The SP states, “It could and should have been the platform for decisive action that could have won a victory on pensions and blown a hole in Cameron’s austerity offensive. Instead some union leaders, particularly of Unison and the GMB, with the support of the TUC and its then general secretary—now ‘Sir’ Brendan Barber—stopped the struggle in its tracks.”

The attempt to pass off the capitulation of the TUC as the result of a handful of union bureaucrats does not wash. The trade unions had already agreed prior to the day of action to follow a divide-and-rule policy of negotiating separately on a scheme-specific basis. Within a matter of weeks after two million workers took part in the day of action, the TUC called off any further strikes and the government announced that its terms had been accepted without any significant changes.

Only a minority of trade unions did not sign up to the agreement. The PCS, NUT and University Colleges Union (UCU)—dubbed by the pseudo-left as the “rejectionist unions”—only exposed their refusal to wage any principled fight against the betrayal by the TUC majority. They first abandoned a one-day strike in March 2012 and then proceeded with a token one-day stoppage in May, which the NUT downgraded to a regional strike in London.

Shorn of the militant rhetoric, the so-called left-led trade unions do not differ from the rest of the TUC bureaucracy. They want nothing more than an accommodation with the government in which the burden of the attacks on the working class can be implemented with cosmetic changes and a confrontation headed off. However, the government has not obliged—leaving them increasingly exposed to a discontented and restive membership.

The disparity between the reality and the rhetoric of the SWP and SP over the July 10 day of action is all too apparent. The PCS, led by General Secretary Mark Serwotka, decided to hold a consultative ballot of its membership, even though it already has a live strike mandate over pay and pensions from March 2013. This is a union, in which the SP and SWP hold executive posts, using consultative ballots as a stalling operation. Its participation on July 10 would only be aimed at bringing the government into “meaningful negotiations.”

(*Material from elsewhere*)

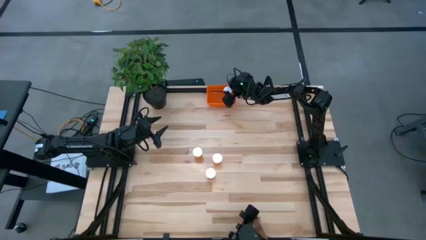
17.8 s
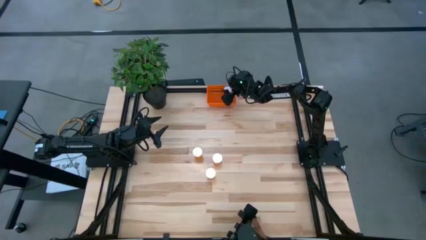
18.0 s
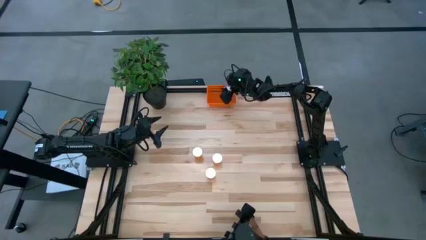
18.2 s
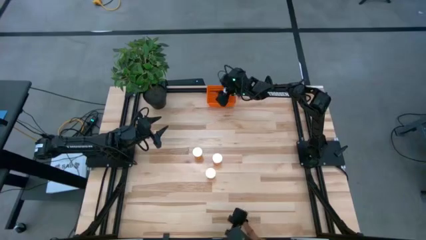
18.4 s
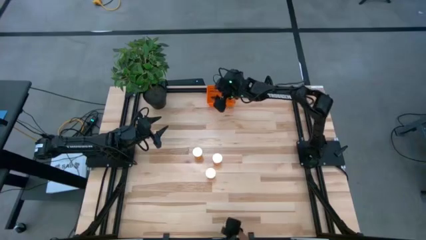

It is no different with the Fire Brigades Union (FBU) led by General Secretary Matt Wrack, another nominal left. Its decision to join the July 10 walk out is not a point of departure from its attempt to make a rotten deal with the government. Since September of last year, the FBU has staged a total of 14 strikes over pensions and the increase in retirement age in the service from 55 to 60. Any idea that rolling action constitutes an escalation of a mobilisation is disproven by the fact that the last stoppage on June 21 was called for just seven hours.

The FBU was the first union to enter into scheme-specific negotiations with the government and to withdraw from the strike action in November 2011 on the pretext that it could negotiate a better deal. Wrack has signalled his support for a recent proposal by the Northern Ireland government to retain the retirement age at 55, at the expense of fire fighters still paying more for pensions which will be worth less on retirement. He has called for this to become the basis of an agreement in England and Wales.

The firefighters union has pursued the pensions issue to the exclusion of defending jobs and opposing the gutting of the service, with thousands of jobs axed over the last four years and fire stations closed.

For the SP and SWP, the role of the working class is restricted solely to accepting whatever token action is deemed permissible by the trade union bureaucracy, a bureaucracy in which the pseudo-left is firmly ensconced. A genuine mobilisation against austerity can only be prepared in a struggle to break the grip of the unions over the working class and advance a socialist programme.